In Canada and Alaska, detail back-country maps show – – – almost nothing. We found that there are very few access roads, and many of them are quasi-private, traveled by lumber trucks on a mission to deliver the goods. The big trucks on the logging roads in B.C., for example, talk to each other on designated channels in cryptic language. If you’re not on the frequency and fluent, you can have a nasty encounter on a narrow road with an eight-foot-wide double-trailer truck full of two-ton logs.
Then there’s the reverse-access issue. If we wanted to explore Homer, for example, there simply was no opportunity to boon-dock any reasonable “commute” distance from the Homer area. There are many places where this is true. We simply had to pay for a site nearby the town or area we wanted to investigate. (Not that our beach-side perch was anything to gripe about.)
TIME — Four months’ traveling sounds like a lot (and it is), but it wasn’t nearly enough to do justice to the distances we covered. We put a combined total of 14,000 miles on two vehicles, 100 miles average per day. Really, we were either moving from place to place, or driving/hiking around exploring wherever we were, on any given day. In the overall scheme of things, we made very little time to drive around simply for the sake of finding a camp site. And the fact is, whenever and wherever we are in a “foreign land” it takes a lot of time – sometimes many hours – to ferret out a legal, safe, and (hopefully) interesting place to stay.
In addition to all of the above, we often found that a lot of really nice camping spots had already been allocated to campgrounds, such as Boya Lake in northern B.C., or the beach on the spit near Homer, Alaska (above). The question was ever-present: Why would we spend a lot of time and effort, traveling on iffy roads that might be dead-ends, to go camp perhaps in some austere gravel pit, or a plain, scene-less forested clearing — when we could drive a short, flat road, pay a small fee, and have the soothing vistas of a lake, stream, or ocean, often right out our front window.
Even with so little boon-docking, we thoroughly enjoyed our Northern travels and we will definitely go back for more of those vast wild regions to see and explore. But with all this said, we sure did miss our boon-docking peace quiet, and solitude.
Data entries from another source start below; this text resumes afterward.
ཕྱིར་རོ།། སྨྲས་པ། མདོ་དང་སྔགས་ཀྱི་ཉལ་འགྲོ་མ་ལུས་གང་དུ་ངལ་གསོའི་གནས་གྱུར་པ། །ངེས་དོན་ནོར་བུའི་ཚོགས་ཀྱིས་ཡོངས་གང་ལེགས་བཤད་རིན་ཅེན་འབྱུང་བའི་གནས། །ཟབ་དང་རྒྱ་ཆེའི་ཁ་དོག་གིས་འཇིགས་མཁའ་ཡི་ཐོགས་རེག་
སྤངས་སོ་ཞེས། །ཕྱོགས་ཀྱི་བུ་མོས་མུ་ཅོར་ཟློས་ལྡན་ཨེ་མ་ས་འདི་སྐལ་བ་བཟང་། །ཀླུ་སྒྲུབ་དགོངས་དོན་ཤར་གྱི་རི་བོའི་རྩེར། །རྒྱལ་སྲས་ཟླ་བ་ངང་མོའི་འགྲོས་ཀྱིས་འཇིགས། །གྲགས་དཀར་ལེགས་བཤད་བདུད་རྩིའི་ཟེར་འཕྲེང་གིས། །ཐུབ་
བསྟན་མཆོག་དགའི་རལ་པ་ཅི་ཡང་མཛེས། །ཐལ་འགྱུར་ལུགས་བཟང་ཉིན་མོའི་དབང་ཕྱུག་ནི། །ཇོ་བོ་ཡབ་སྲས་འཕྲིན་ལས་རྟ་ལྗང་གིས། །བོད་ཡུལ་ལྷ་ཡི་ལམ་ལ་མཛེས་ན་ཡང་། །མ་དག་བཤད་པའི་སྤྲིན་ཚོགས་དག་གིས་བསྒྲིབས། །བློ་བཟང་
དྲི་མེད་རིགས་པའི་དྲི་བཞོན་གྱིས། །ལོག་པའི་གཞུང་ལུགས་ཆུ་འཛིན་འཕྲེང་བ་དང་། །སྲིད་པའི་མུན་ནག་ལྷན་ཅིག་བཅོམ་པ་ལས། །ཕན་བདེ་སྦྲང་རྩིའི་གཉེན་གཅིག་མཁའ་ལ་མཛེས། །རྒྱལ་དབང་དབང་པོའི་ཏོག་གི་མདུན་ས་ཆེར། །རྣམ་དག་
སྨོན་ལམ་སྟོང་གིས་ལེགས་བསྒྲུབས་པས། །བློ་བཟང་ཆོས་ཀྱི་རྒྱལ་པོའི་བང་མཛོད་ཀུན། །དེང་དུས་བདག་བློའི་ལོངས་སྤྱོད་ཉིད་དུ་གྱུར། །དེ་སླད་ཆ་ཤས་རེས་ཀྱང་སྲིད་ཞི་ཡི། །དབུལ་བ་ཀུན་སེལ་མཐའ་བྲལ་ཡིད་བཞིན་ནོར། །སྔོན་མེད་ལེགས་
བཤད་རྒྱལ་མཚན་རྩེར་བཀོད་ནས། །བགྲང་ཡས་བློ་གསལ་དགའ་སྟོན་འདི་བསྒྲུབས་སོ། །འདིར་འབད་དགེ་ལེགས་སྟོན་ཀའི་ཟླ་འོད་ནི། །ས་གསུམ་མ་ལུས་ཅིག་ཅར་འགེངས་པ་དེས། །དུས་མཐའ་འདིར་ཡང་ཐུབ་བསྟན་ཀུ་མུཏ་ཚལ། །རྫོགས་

Much of the time we were camped in nearly full campgrounds, and we repeatedly had our share of noisy neighbors. On the few occasions when we had a campground or boon-dock site to ourselves, we were reminded how blissfully peaceful such evenings can be.
Now that we better understand “the lay of the land”, on our next trip up North we will be better prepared. Good maps and local knowledge are key to good boon-dock sites, and we will allocate plenty of time to do our research and exploration. Also, on our next trip, we’ll plan to spend less time traveling and more time parked. This strategy has always been the best for us. Spending a lot of time to find a good camp site is paid back with many days there to enjoy it, while making side trips to explore the surrounding area.
Great info Greg..consider using it when I go up North..hopefully next year..
with my little Sprinter RV..
tony sr
Tony, I think you’ll find that your little class-B can find a LOT more places to camp than I can find with my 28-foot class-A box.